DECLARE @SessionName VARCHAR(256) = 'system_health';
SELECT xs.name AS SessionName, xse.event_name
FROM sys.dm_xe_sessions xs
INNER JOIN sys.dm_xe_session_events xse
ON xs.address = xse.event_session_address
WHERE xs.name = @SessionName
ORDER BY xse.event_name;
And since I am feeling particularly generous, I have lumped the events from the two traces together in the following query:
DECLARE @SessionName VARCHAR(256) = 'system_health';
SELECT xs.name AS SessionName
, xse.event_name AS EventName
, mv.map_value AS CategoryName
FROM sys.dm_xe_sessions xs
INNER JOIN sys.dm_xe_session_events xse
ON xs.address = xse.event_session_address
INNER JOIN sys.dm_xe_objects xo
ON xse.event_package_guid = xo.package_guid
AND xse.event_name = xo.name
AND xo.object_type = 'event'
INNER JOIN sys.dm_xe_object_columns oc
ON oc.OBJECT_NAME = xo.name
AND oc.object_package_guid = xo.package_guid
AND oc.name = 'KEYWORD'
INNER JOIN sys.dm_xe_map_values mv
ON oc.type_name = mv.name
AND oc.column_value = mv.map_key
AND oc.object_package_guid = mv.object_package_guid
WHERE xs.name = @SessionName
UNION ALL
/* events */
SELECT 'Default Trace' AS SessionName
, te.name AS EventName
, tca.name AS CategoryName
FROM sys.traces t
CROSS APPLY ( SELECT DISTINCT gei.eventid
FROM sys.FN_TRACE_GETEVENTINFO(t.id) gei
) ca
INNER JOIN sys.trace_events te
ON te.trace_event_id = ca.eventid
INNER JOIN sys.trace_categories tca
ON te.category_id = tca.category_id
WHERE t.is_default = 1
ORDER BY EventName;
That should help to compare the 17 events from the system_health session and the 34 from the default trace with a little more ease and speed. The events from the two sessions are rather complimentary to each as they help to construct the SQL Server Black Box recorder.
How to use this session
With the events trapped by this session, there are a few ways to use the trapped data that should stand out pretty easily. To me, the quick application of the data from this session can come from the review of deadlocks, reported errors, or even waits analysis. Using the deadlock as probably the most common problem people will want to troubleshoot, this information is suddenly much more valuable and easy to access (no more need for that trace flag). Since the system_health is now trapping the deadlock by default, one could quickly access the deadlock graph from the event data and proceed to troubleshooting. More information on getting that deadlock graph can be found here and here.

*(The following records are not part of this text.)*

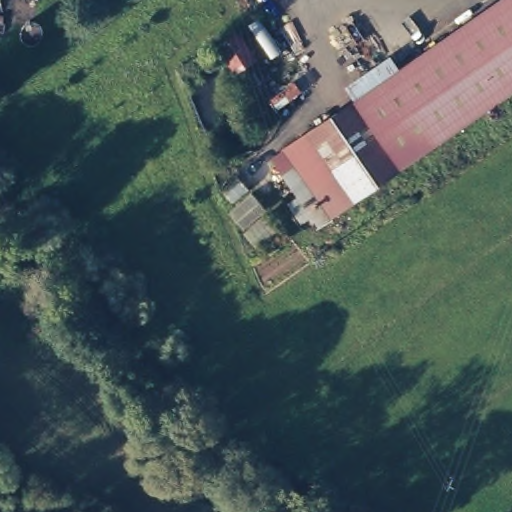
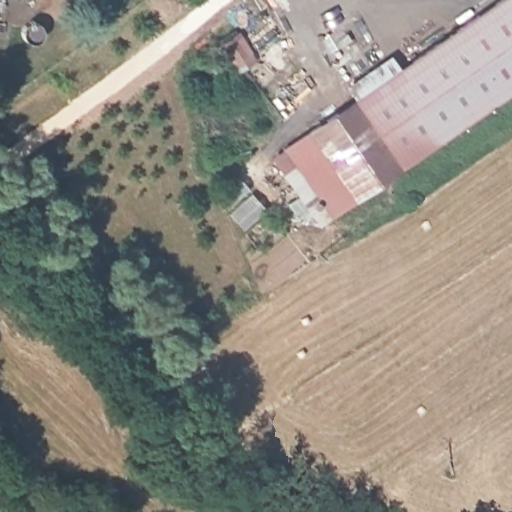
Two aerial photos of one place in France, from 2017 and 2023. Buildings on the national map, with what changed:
unchanged [(509,0),(512,0),(512,95),(353,202),(306,136),(509,0)]
unchanged [(296,112),(279,124),(268,108),(285,97),(296,112)]
unchanged [(353,202),(328,221),(279,153),(306,136),(353,202)]

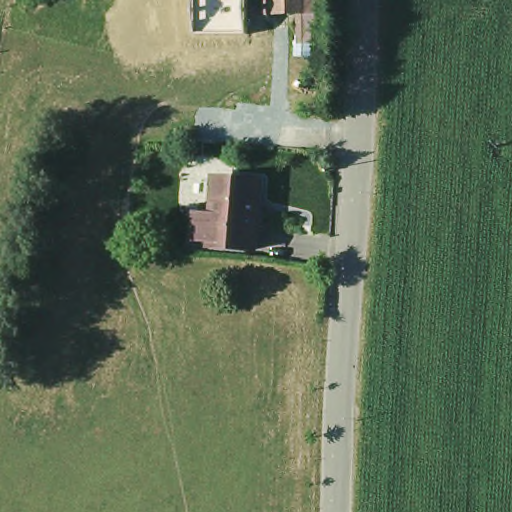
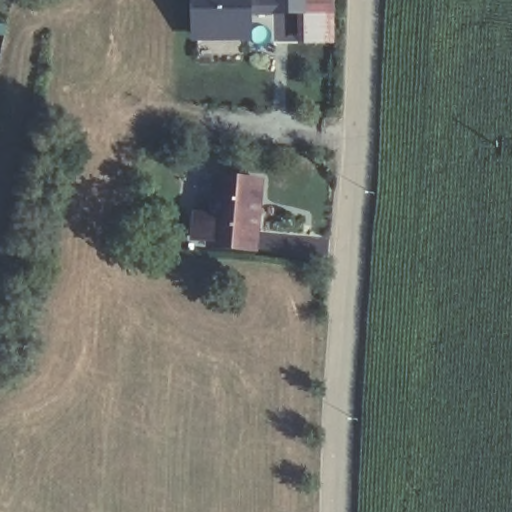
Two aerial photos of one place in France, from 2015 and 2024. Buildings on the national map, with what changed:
new [(248,34),(196,34),(195,0),(248,0),(248,34)]
unchanged [(267,18),(265,0),(332,0),(333,17),(267,18)]
unchanged [(257,247),(212,245),(212,240),(199,240),(201,218),(214,218),(217,179),(262,181),(257,247)]

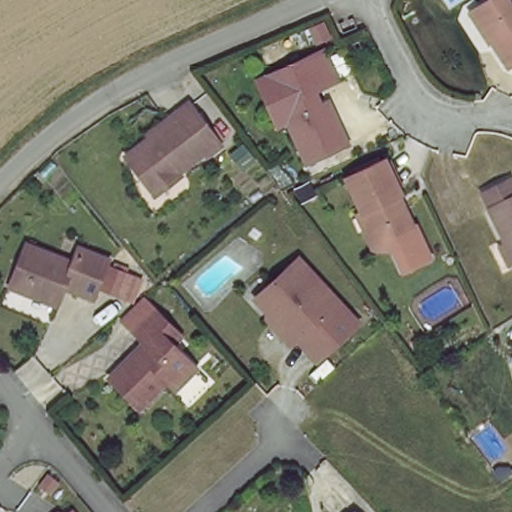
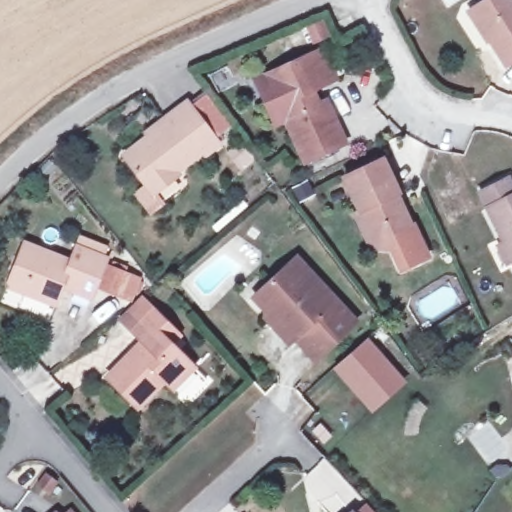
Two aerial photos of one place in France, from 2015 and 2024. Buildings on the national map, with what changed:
unchanged [(478,5),(486,0),(508,0),(510,3),(512,2),(512,63),(507,66),(475,19),(478,5)]
unchanged [(273,74),(325,48),(315,30),(327,23),(335,41),(332,45),(345,83),(328,90),(352,146),(315,165),(273,74)]
unchanged [(302,171),(284,131),(275,134),(255,83),(273,74),(315,165),(302,171)]
unchanged [(128,163),(180,124),(175,115),(188,108),(220,151),(210,158),(206,154),(178,175),(175,171),(150,191),(128,163)]
unchanged [(355,217),(362,213),(345,180),(392,160),(419,229),(412,232),(394,240),(402,250),(388,255),(372,260),(355,217)]
unchanged [(512,183),(512,249),(483,196),(512,183)]
unchanged [(430,261),(398,276),(388,255),(402,250),(394,240),(412,232),(419,229),(430,261)]
unchanged [(57,304),(10,285),(27,241),(74,261),(80,247),(108,258),(93,296),(64,285),(57,304)]
unchanged [(267,323),(275,317),(268,316),(255,301),(300,263),(358,329),(315,365),(297,344),(290,349),(267,323)]
unchanged [(173,394),(165,385),(138,412),(108,380),(144,346),(132,334),(154,313),(181,340),(172,349),(187,363),(197,372),(173,394)]
new [(367,336),(407,383),(371,414),(331,369),(367,336)]

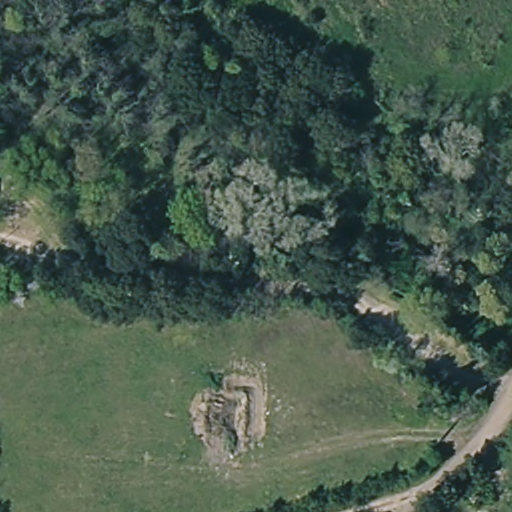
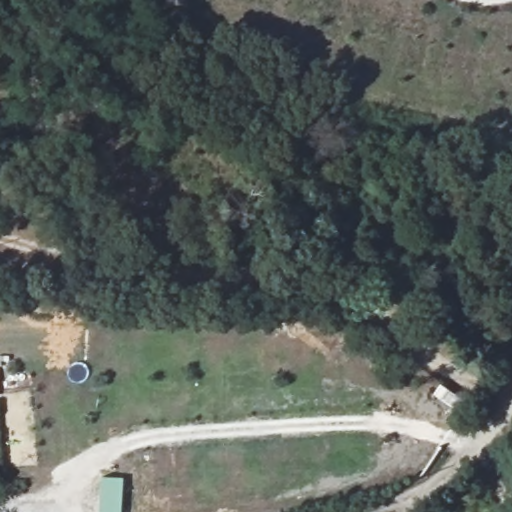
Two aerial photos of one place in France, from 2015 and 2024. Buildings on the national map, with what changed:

Learn to use the data made available through this member of the black box recorder. Becoming familiar with this tool (and additionally with Extended Events) will make you a rock-star in the office. The information needed to troubleshoot most problems is right at your fingertips through the use of the different pieces of the black box recorder. If it is not available there, then more than likely it can be made available through a bit of tinkering with Extended Events. Get to know the tools and be that rock-star DBA.